Space Time Travel

Jun 20, 2014

In this summer travel season, when many of us return to places filled with personal history, here’s a meditation on the space-time continuum. The whole topic of revisiting is saturated with regret – witness E.B. White’s classic essay, “Once More to the Lake,” worth rereading in spite of his melancholy theme that returning to the lake of his youth is shadowed by loss.  The adult E.B. White observes his son pulling on icy swimtrunks for a dip in the lake, just as he had done as a child.  White concludes his essay bleakly, “…suddenly my groin felt the chill of death.”  Aaaaannnd: Happy summer to you, too, Mr. White!


Perhaps because I’m an optimist, I don’t adhere to the “Time in a Bottle” school of regret over time’s passing.  As I age, I find that I wring more out of revisiting places, not less, with my more expansive life experience as a lens.  Like Faulkner, but perhaps without his dark view, I also believe that “The past is never dead.

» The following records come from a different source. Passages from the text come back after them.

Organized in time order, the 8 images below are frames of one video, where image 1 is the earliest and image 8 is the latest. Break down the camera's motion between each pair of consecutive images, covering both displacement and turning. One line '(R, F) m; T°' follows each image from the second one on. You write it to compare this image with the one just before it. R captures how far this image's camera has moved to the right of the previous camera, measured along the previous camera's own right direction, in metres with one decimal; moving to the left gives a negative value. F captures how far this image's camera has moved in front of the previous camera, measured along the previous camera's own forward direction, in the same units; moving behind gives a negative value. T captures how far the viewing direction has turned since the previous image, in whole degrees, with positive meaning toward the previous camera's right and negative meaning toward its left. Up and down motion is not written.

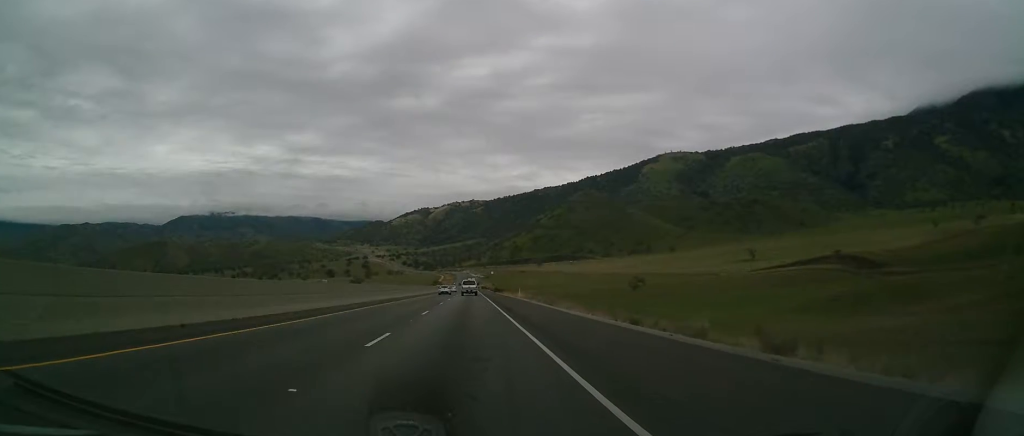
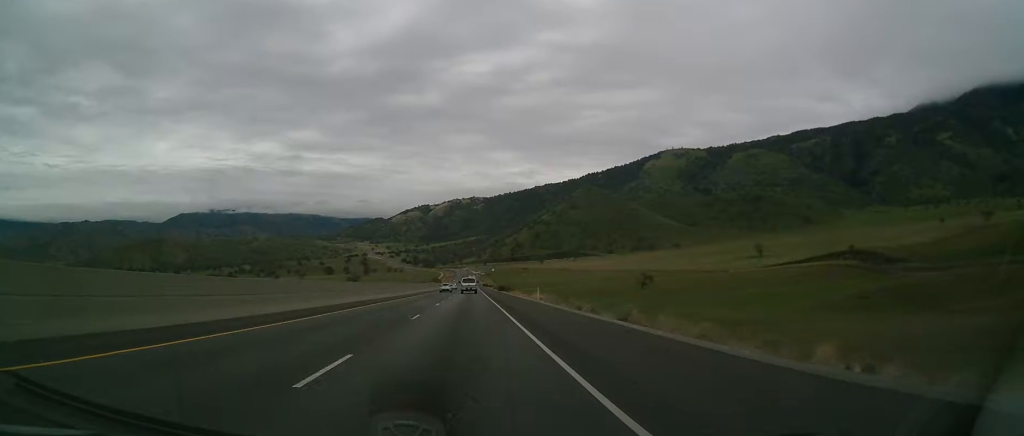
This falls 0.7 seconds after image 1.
(-0.2, +19.9) m; 0°
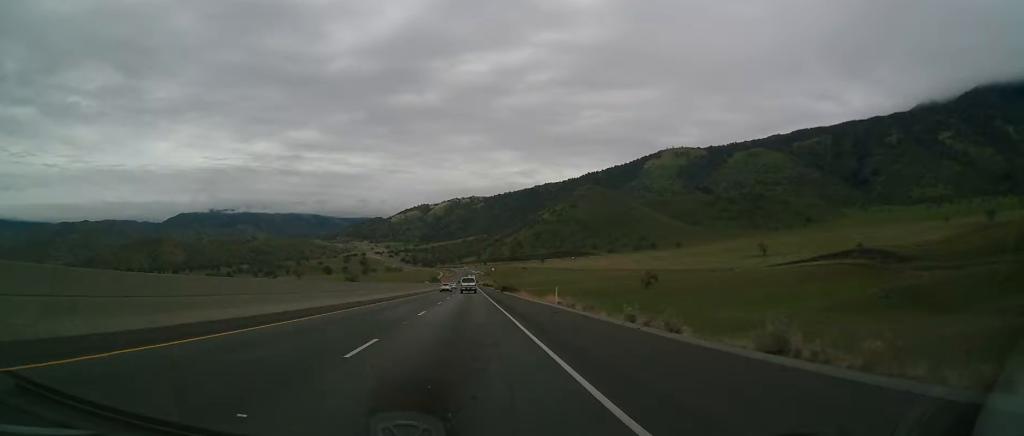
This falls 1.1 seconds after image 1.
(-0.1, +11.4) m; 0°
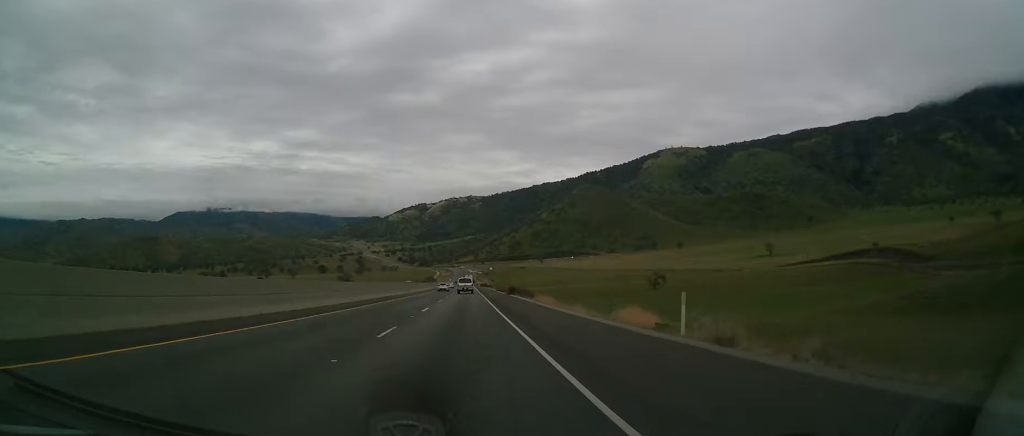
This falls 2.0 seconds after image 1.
(+0.2, +24.8) m; +1°
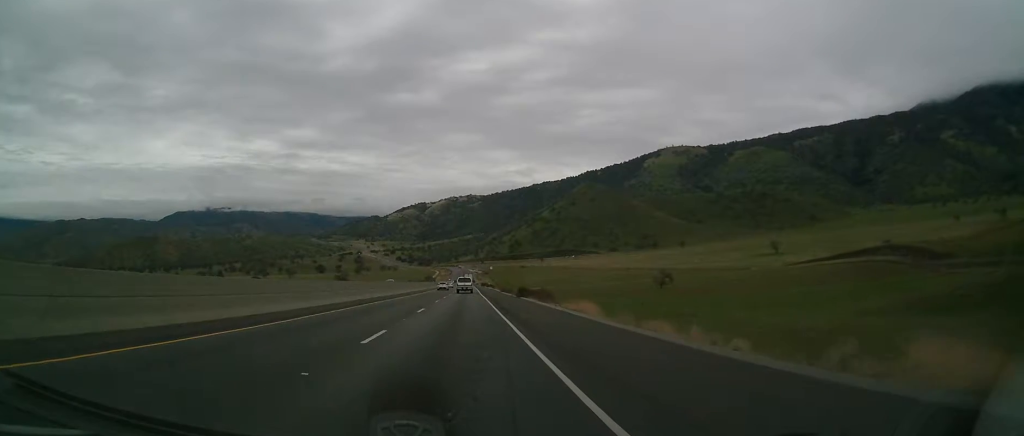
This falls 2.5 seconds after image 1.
(+0.1, +16.3) m; 0°
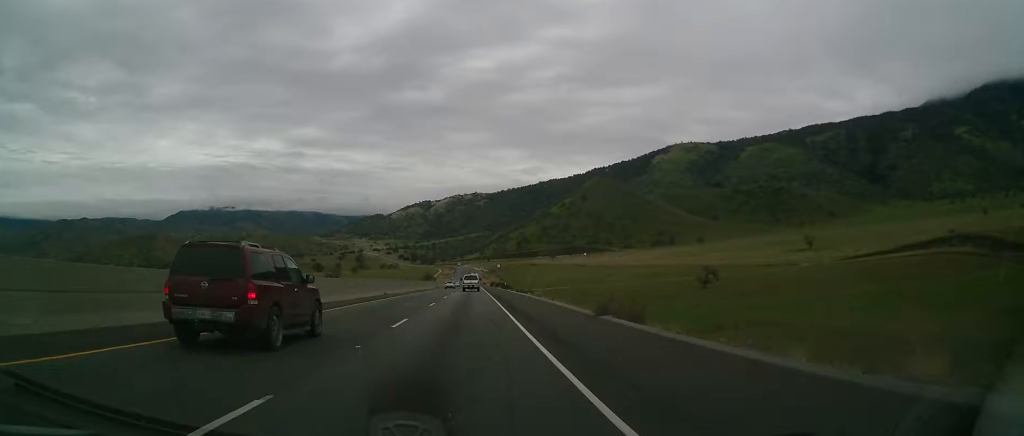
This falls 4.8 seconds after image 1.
(0.0, +67.1) m; 0°
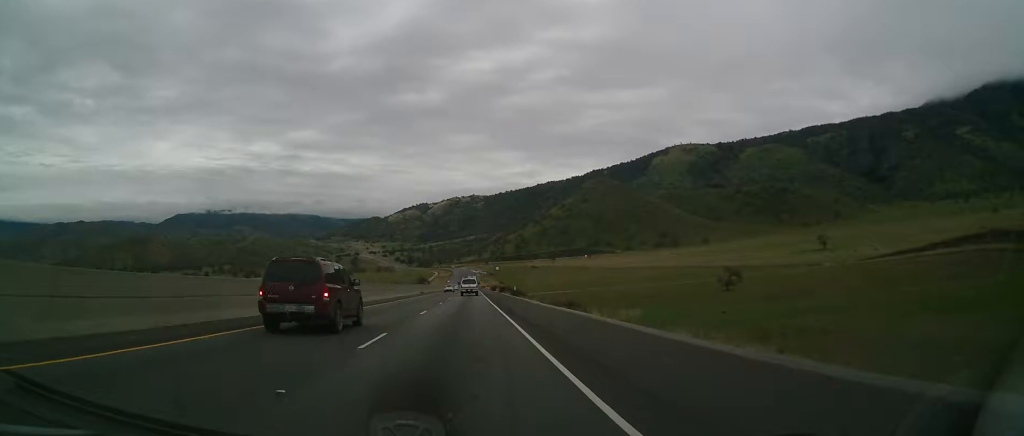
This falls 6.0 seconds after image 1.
(-0.3, +33.9) m; 0°
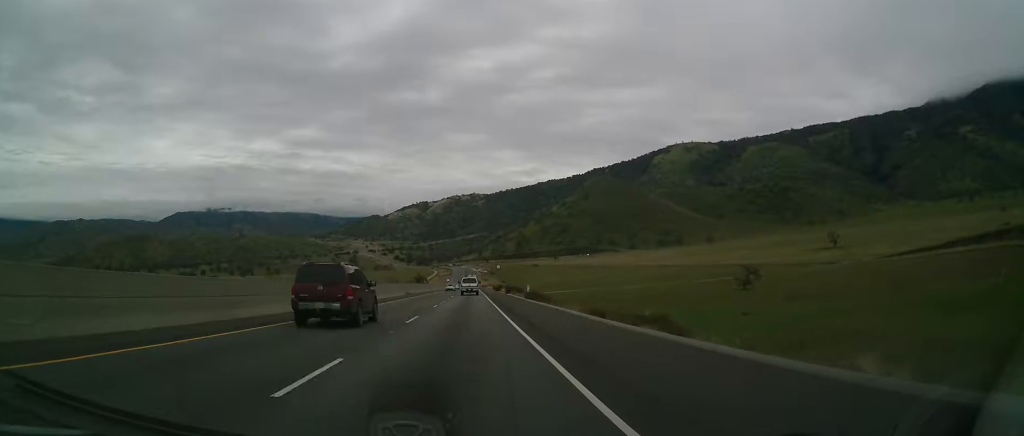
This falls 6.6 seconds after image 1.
(0.0, +20.1) m; 0°

It's not even past.”  But I’m less haunted than fascinated by the ways our memories hang in the air in the spaces we’ve been before.

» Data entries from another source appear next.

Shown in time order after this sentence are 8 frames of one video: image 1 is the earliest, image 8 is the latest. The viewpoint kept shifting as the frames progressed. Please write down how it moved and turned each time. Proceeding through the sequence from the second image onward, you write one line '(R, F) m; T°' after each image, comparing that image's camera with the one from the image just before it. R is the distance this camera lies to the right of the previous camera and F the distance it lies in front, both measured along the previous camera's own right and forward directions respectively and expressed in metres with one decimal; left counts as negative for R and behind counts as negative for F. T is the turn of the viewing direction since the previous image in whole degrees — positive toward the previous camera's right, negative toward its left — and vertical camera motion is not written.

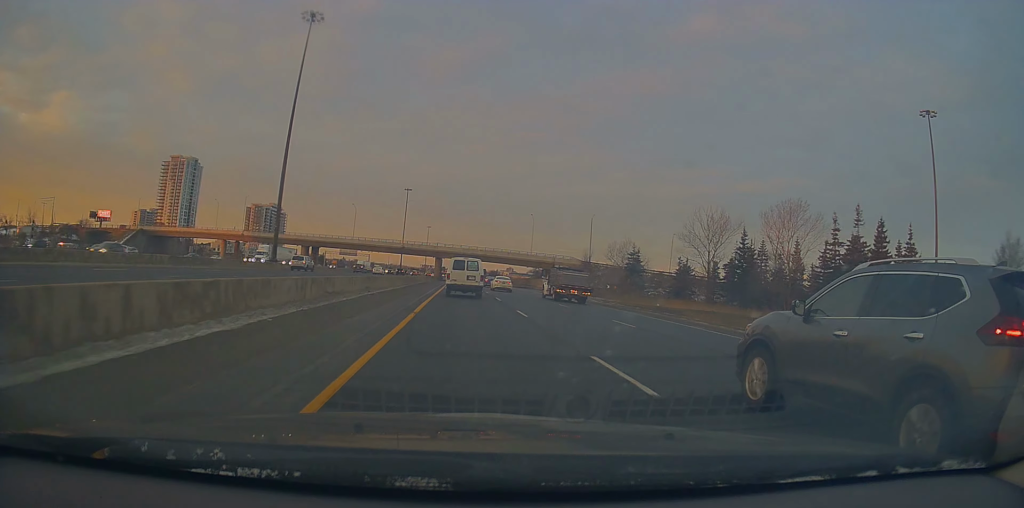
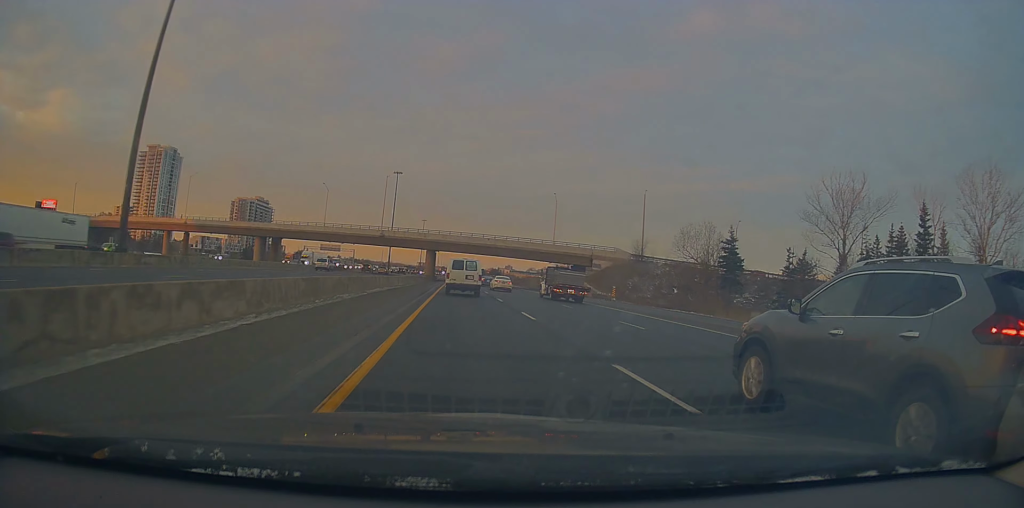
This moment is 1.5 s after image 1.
(0.0, +36.4) m; 0°
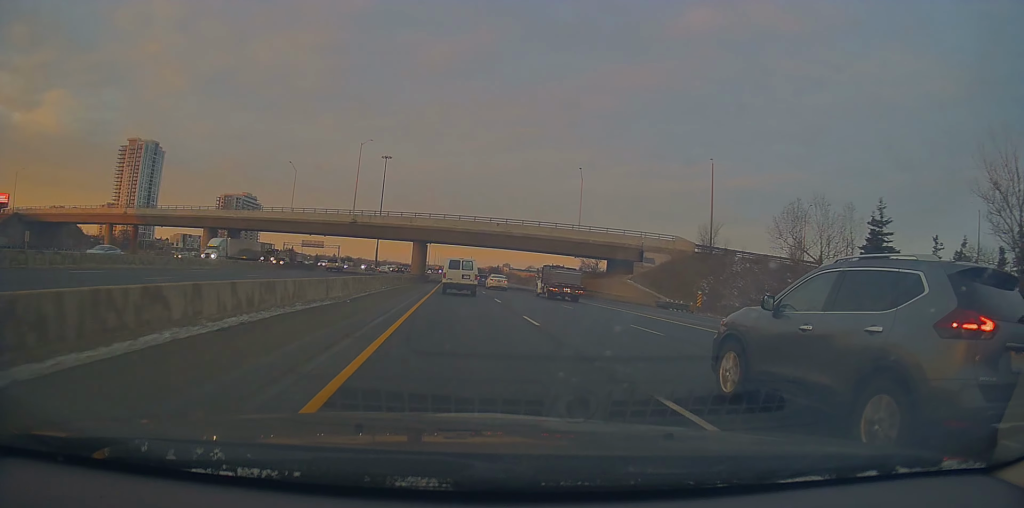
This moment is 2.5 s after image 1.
(+0.1, +25.7) m; 0°
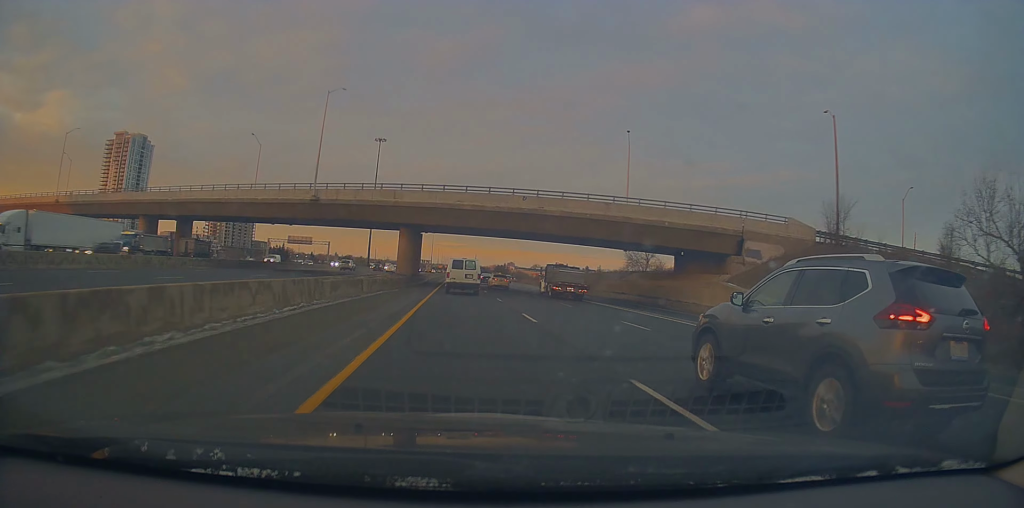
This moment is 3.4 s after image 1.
(-0.1, +23.2) m; 0°
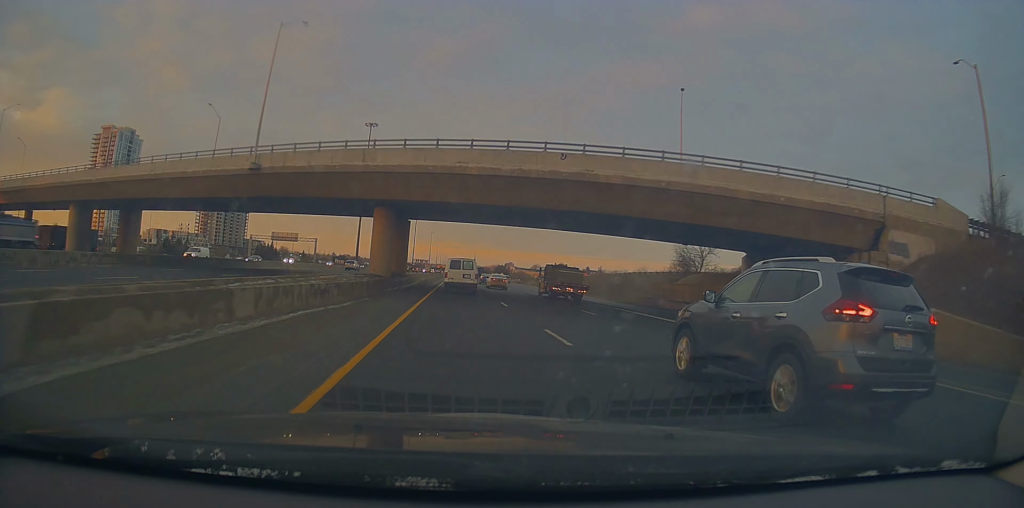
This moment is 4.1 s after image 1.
(-0.1, +16.6) m; 0°
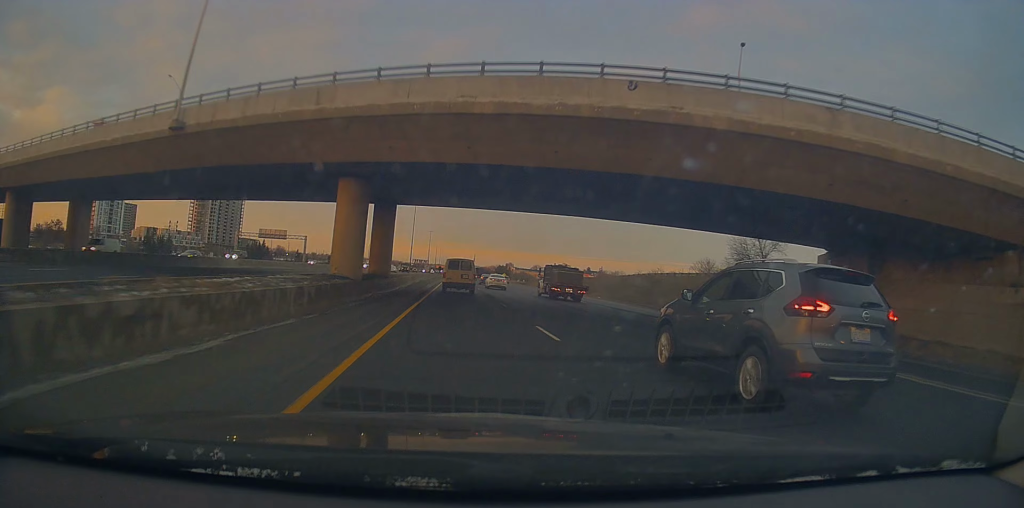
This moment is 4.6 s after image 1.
(0.0, +11.6) m; 0°
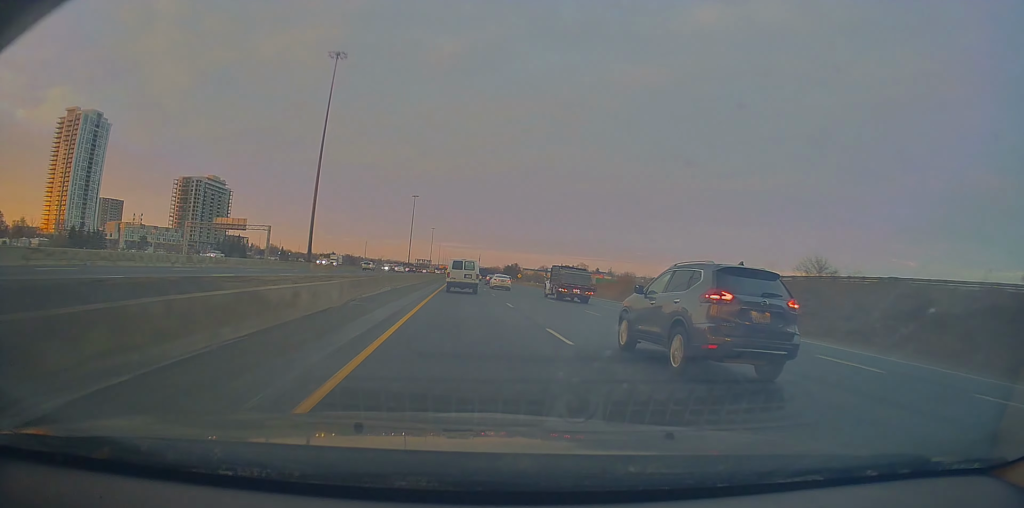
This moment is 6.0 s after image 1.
(-0.4, +35.6) m; -1°
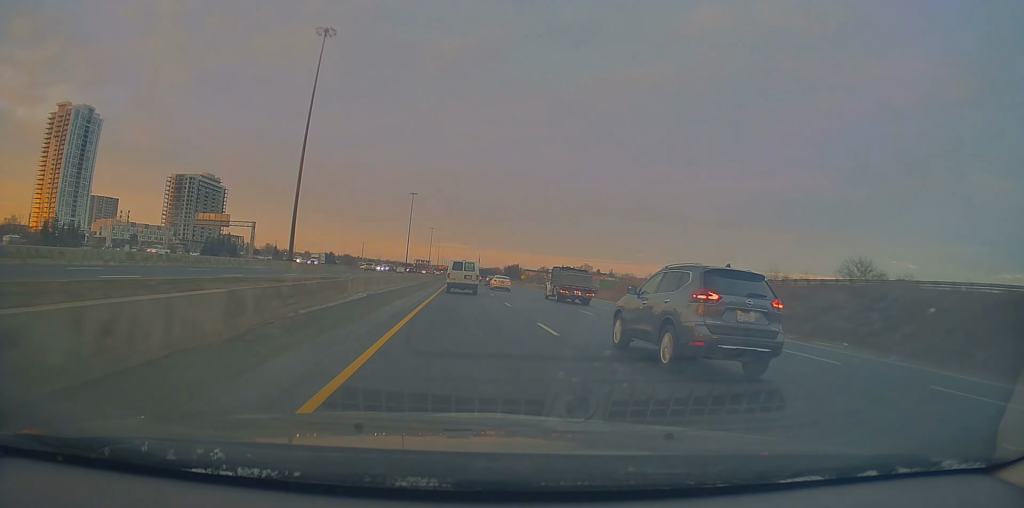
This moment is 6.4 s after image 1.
(-0.1, +10.0) m; 0°

Here’s an example:  I first visited Chicago in 1984, on a snowy semester break from my undergrad program in Iowa.  My punked-out self was gob-smacked by the soaring curves of the Picasso sculpture in Daley Plaza, and then Chicago blew what was left of my mind when I was allowed to peek into my friend’s older sister’s apartment – in one of the distinctive corncob Marina City buildings.  Now, every time I catch sight of those honeycombed Chicago towers, I can summon my adolescent awe of that grown-up apartment, carelessly filled with silk blouses and lawyer’s suits, and whimsically shaped like a slice of pie.  My first raw love of the city is layered, now, with thirty years of revisiting, so that when I walk the lakeshore or enter a museum, I feel my toddlers’ damp hands in my own (though our daughters are now young adults), and recall snippets of past conversations hovering as if in thought balloons over my head, about potty-training, funerals, recipes, and early career anxiety. Years of reading about Chicago’s 1893 World’s Fair brings another layer of past to the present, and now I see what’s left of that record-breaking “White City” architecture through the lens of that history, too -- my view of the Museum of Science and Industry filtered as if through a stereopticon, past and present superimposed. (This summer and fall, there’s an interactive tour on the 1893 World’s Fair – check out the Science and Industry museum’s website.)


A few weeks ago, I had the chance to revisit New York City, a place that anchored my graduate-school years in the early 90s.  I had a bit of that stereopticon experience while wandering those familiar sidewalks, lingering by the ornate Frick museum, with its dark Rembrandt self-portraits, each one looking so much like my spouse’s Uncle Al that I could still hear our surprised laughter from our last visit twenty years ago, when flickers of low-grade labor pains had just started to signal our firstborn’s dramatic arrival on the full moon the following night.


The conference I was attending in New York was for professors who teach with a method called “Reacting to the Past,” which steeps students in controversy-rich historical moments and gives them a chance to role-play cultural debates. Playing games is part of the conference, and I signed up for one set in 1913 Greenwich Village (I was the Lefty editor, Max Eastman).  As when I teach these primary materials, I felt the past pressing hard on the present in those debates about women’s self-determination, access to reproductive health care, the power of the ballot, and the hopes for labor-organizing.  During a free afternoon, a group of us game-players took the subway down to Greenwich Village to stand in the spaces where these debates had unfolded. We gathered in silence at the plaqued corner that marked the horrific Triangle Shirtwaist fire, where 146 workers – mostly women – died in 1911, galvanizing the labor movement. Maps in hand, we found the MacDougal Street site of Polly’s Restaurant, its cozily dark brick interior the place where conversation sparked between Emma Goldman, John Reed, and bohemian artists and social reformers in those optimistic years before the first World War. The silence was crowded – my hushed voice just one note in a rich historical chorus.


As my family plans our own summer travel, I keep thinking of the Spirograph set lots of us used as kids, driving our multicolored ballpoint pens into interlocking plastic wheels to create elaborate patterns based on circling and returning.   The patterns we make in space and time are more complex with every return; we are the same and different, ever more ourselves, woven into an historical design whose authorship is only partly our own.